**Exercise data**:
-- Opening Marker --
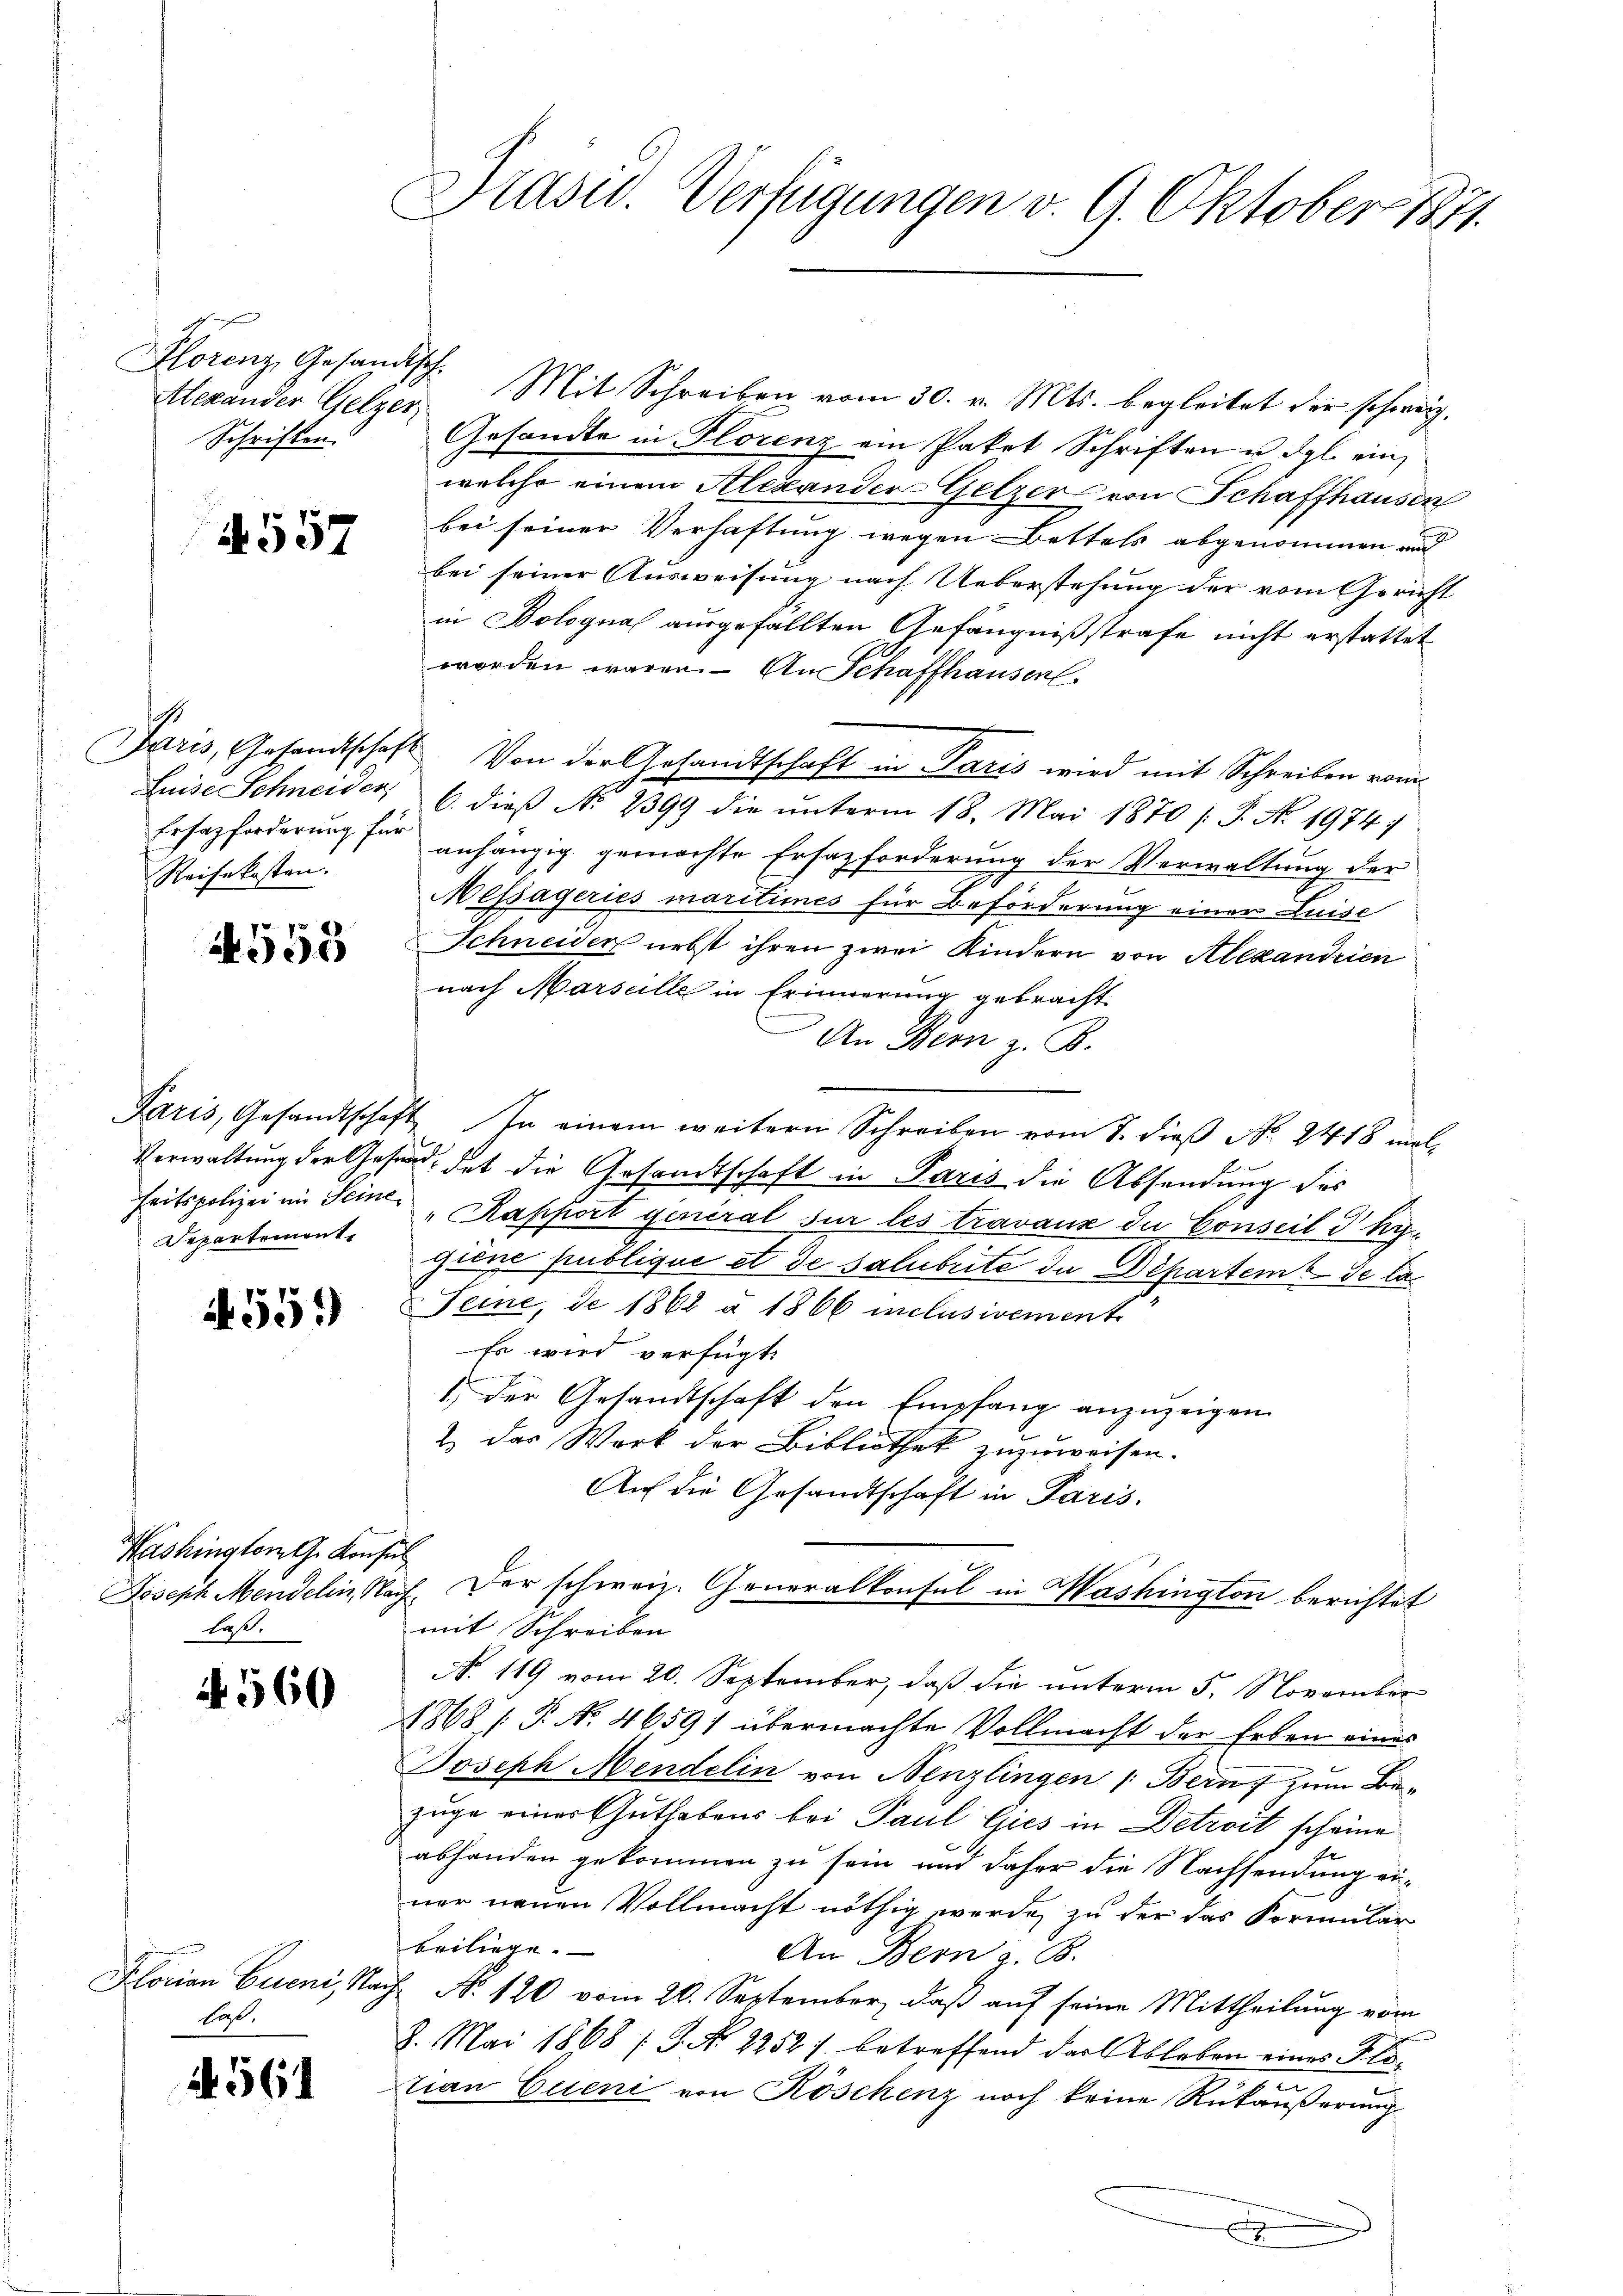
Florenz, Gesandtsch-
Alexander Gelzer,
Schriften.

557

Ersatzforderung für
Reisekosten.

4553

Departement

A. 559

Washington G. Konsul
laß.

N 560

Plorian Eueni, Nalaß.

14561

Präsid. Verfügungen v. 9. Oktober 1871

Mit Schreiben vom 30. v. Mts. begleitet der schweiz.
Gesandte in Florenz ein Paket Schriften u. dgl. ein
welche einem Alexander Gelzer von Schaffhausen
bei seiner Verhaftung wegen Bettels abgenommen und
bei seiner Ausweisung nach Ueberstehung der vom Gericht
in Bolognal ausgefällten Gefängnißstrafe nicht erstattet
worden wären. – An Schaffhausen.
Paris, Gesandtschaft Von der Gesandtschaft in Paris wird mit Schreiben vom
Luise Schneider, 6. dieβ No. 2399 die ŭnterm 18. Mai 1870 / P. Nr. 1974:
anhängig gemachte Ersatzforderung der Verwaltung der
Messageries maritimes für Beförderung einer Luise
Schneiden nebst ihren zwei Kindern von Alexandrien
nach Marseille in Erinnerung gebracht
An Bern z. B.
Paris, Gesandtschaft. In einem weitern Schreiben vom 8. dieβ No. 2418 mal-
Verwaltung der Gesund, das die Gesandtschaft in Paris die Absendung des
heitspolizei im Seine „Kappert general sur les travaux du Conseil & Kygiene publique et de salubrite de Departeme de la
Feine, de 1862 à 1866 inclusivement
Es wird verfügt:
1. Der Gesandtschaft den Empfang anzuzeigen
2 das Werk der Bibliothek zuzuweisen.
Auf die Gesandtschaft in Paris.
Joseph Mendelin, Nach. Der schweiz. Generalkonsul in Washington berichtet
mit Schreiben
N. 119 vom 20. September, daß die unterm 5. November
1868 / P. N. 46591 übermachte Vollmacht der Erben eines
Joseph Mendelin von Nenzlingen (Bern zum Bezuge einer Guthabens bei Paul Gies in Detroit scheine
abhanden gekommen zu sein und daher die Nachsendung einer neuen Vollmacht nöthig werde, zu der das Formular
beiliege.
An Bern z. B.
7 Nr. 120 vom 26. September, daß auf seine Mittheilung vom
8. Mai 1868 (T. No 2252) betreffend der Ableben eines Klotian Eueni von Köschenz noch keine Rückäußerung
x
.
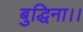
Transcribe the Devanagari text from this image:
बुद्धिना।।
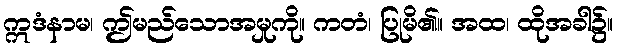
ဣဒံနာမ၊ ဤမည်သောအမှုကို။ ကတံ၊ ပြုမိ၏။ အထ၊ ထိုအခါ၌။
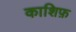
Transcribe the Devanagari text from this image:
काशिफ़
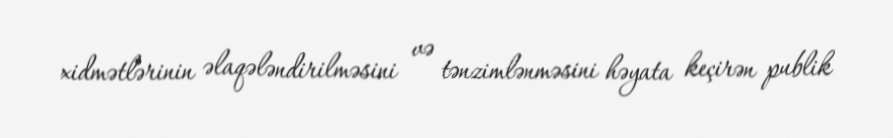
xidmətlərinin əlaqələndirilməsini və tənzimlənməsini həyata keçirən publik
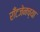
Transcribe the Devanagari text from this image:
राँटजेनच्या
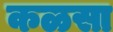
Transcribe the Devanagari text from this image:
कळसा
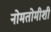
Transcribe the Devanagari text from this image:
नोमतोमीशी
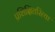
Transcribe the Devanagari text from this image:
प्रशिक्षितरित्या
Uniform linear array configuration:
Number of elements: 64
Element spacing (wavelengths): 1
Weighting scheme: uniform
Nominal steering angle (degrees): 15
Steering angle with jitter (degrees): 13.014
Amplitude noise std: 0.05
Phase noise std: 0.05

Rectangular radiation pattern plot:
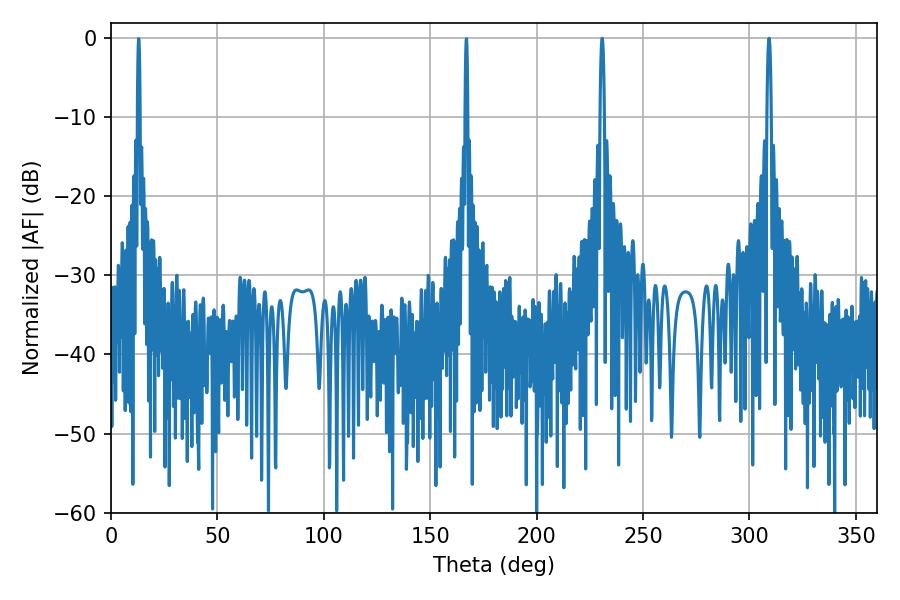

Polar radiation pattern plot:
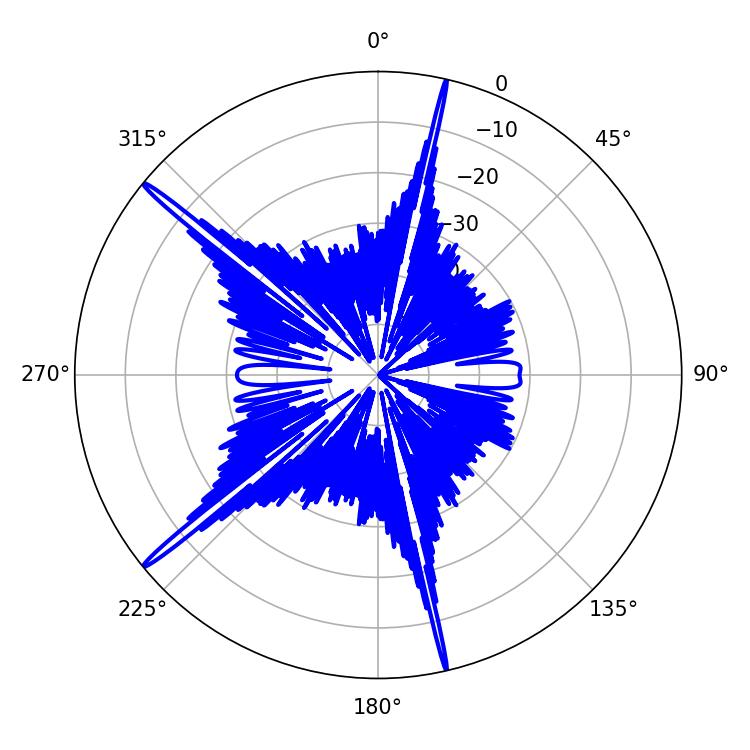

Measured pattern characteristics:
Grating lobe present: TRUE
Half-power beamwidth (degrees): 1.08
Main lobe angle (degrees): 309.24
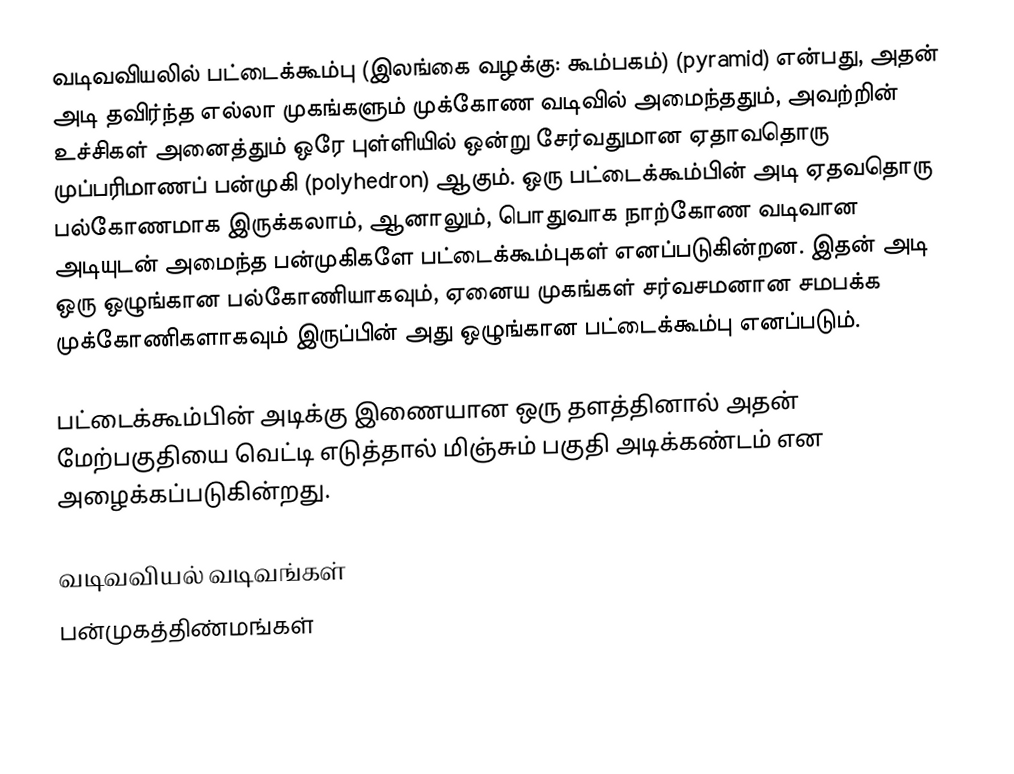
வடிவவியலில் பட்டைக்கூம்பு (இலங்கை வழக்கு: கூம்பகம்) (pyramid) என்பது, அதன் அடி தவிர்ந்த எல்லா முகங்களும் முக்கோண வடிவில் அமைந்ததும், அவற்றின் உச்சிகள் அனைத்தும் ஒரே புள்ளியில் ஒன்று சேர்வதுமான ஏதாவதொரு முப்பரிமாணப் பன்முகி (polyhedron) ஆகும். ஒரு பட்டைக்கூம்பின் அடி ஏதவதொரு பல்கோணமாக இருக்கலாம், ஆனாலும், பொதுவாக நாற்கோண வடிவான அடியுடன் அமைந்த பன்முகிகளே பட்டைக்கூம்புகள் எனப்படுகின்றன. இதன் அடி ஒரு ஒழுங்கான பல்கோணியாகவும், ஏனைய முகங்கள் சர்வசமனான சமபக்க முக்கோணிகளாகவும் இருப்பின் அது ஒழுங்கான பட்டைக்கூம்பு எனப்படும்.

பட்டைக்கூம்பின் அடிக்கு இணையான ஒரு தளத்தினால் அதன் மேற்பகுதியை வெட்டி எடுத்தால் மிஞ்சும் பகுதி அடிக்கண்டம் என அழைக்கப்படுகின்றது.

வடிவவியல் வடிவங்கள்
பன்முகத்திண்மங்கள்

it:Piramide#La piramide in geometria
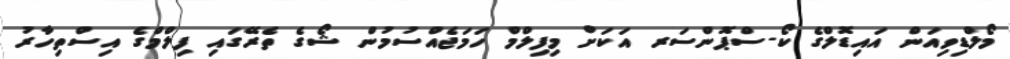
މޯލްޑިވިއަން އައިޑޮލްގެ ކޯ-ސްޕޮންސަރ އަކަށް މިފިލްމް ހަމަޖެއްސުމުން ޝޯގެ ތެރޭގައި ފިލްމްގެ އިސްތިހާރު
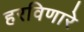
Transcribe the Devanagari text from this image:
हरविणारे
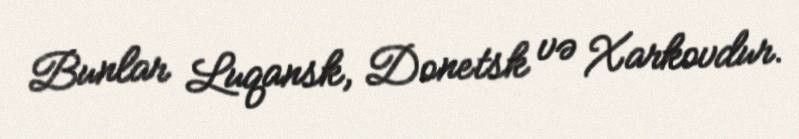
Bunlar Luqansk, Donetsk və Xarkovdur.
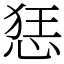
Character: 㤮
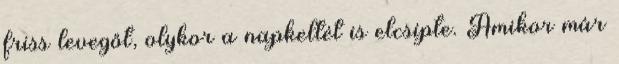
friss levegőt, olykor a napkeltét is elcsípte. Amikor már
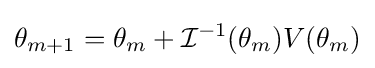
\theta _{m+1}=\theta _{m}+{\mathcal {I}}^{-1}(\theta _{m})V(\theta _{m})
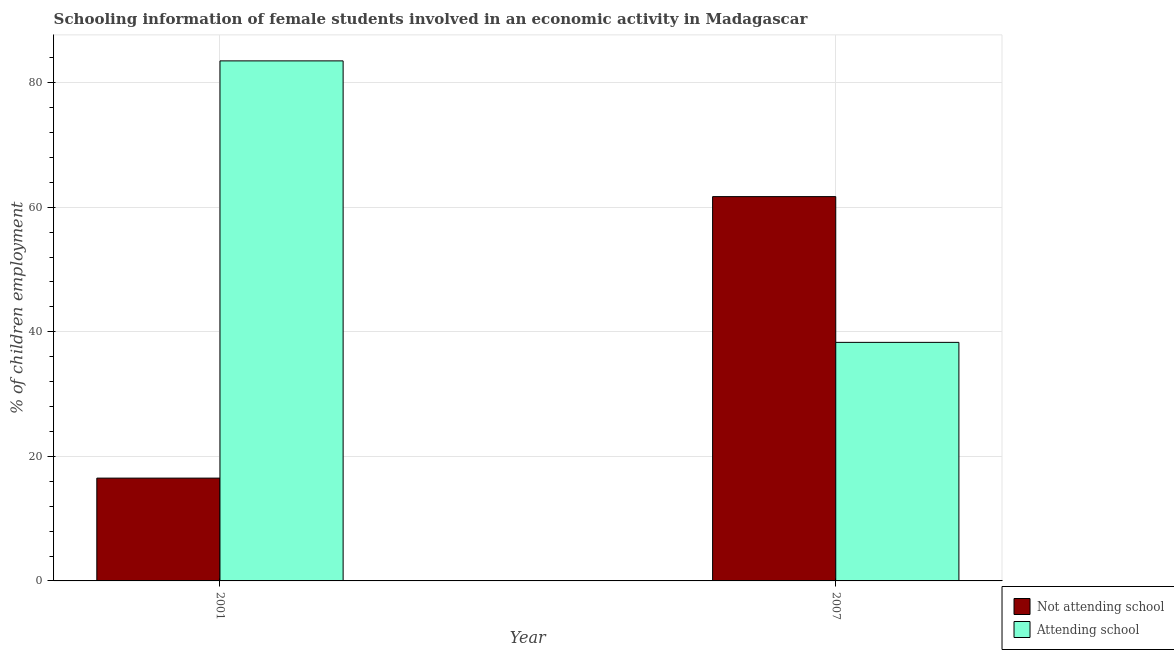
| Year | Not attending school | Attending school |
 | --- | --- | --- |
 | 2001 | 16.5 | 83.5 |
 | 2007 | 61.7 | 38.3 |
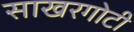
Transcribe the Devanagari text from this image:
साखरगोटी
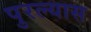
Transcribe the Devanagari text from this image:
पुरल्यास
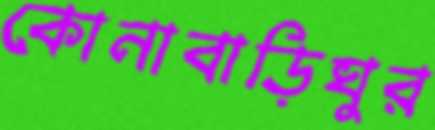
কোনাবাড়িঘুর
-- Closing Marker --
**Problem description**:
Start at the line above containing "Polar radiation pattern" and stop at the line containing "Half-power beamwidth (degrees): 1.08": print those lines and everything between them exactly, but not the pictures.

**Answer to the problem**:
Polar radiation pattern plot:

Measured pattern characteristics:
Grating lobe present: TRUE
Half-power beamwidth (degrees): 1.08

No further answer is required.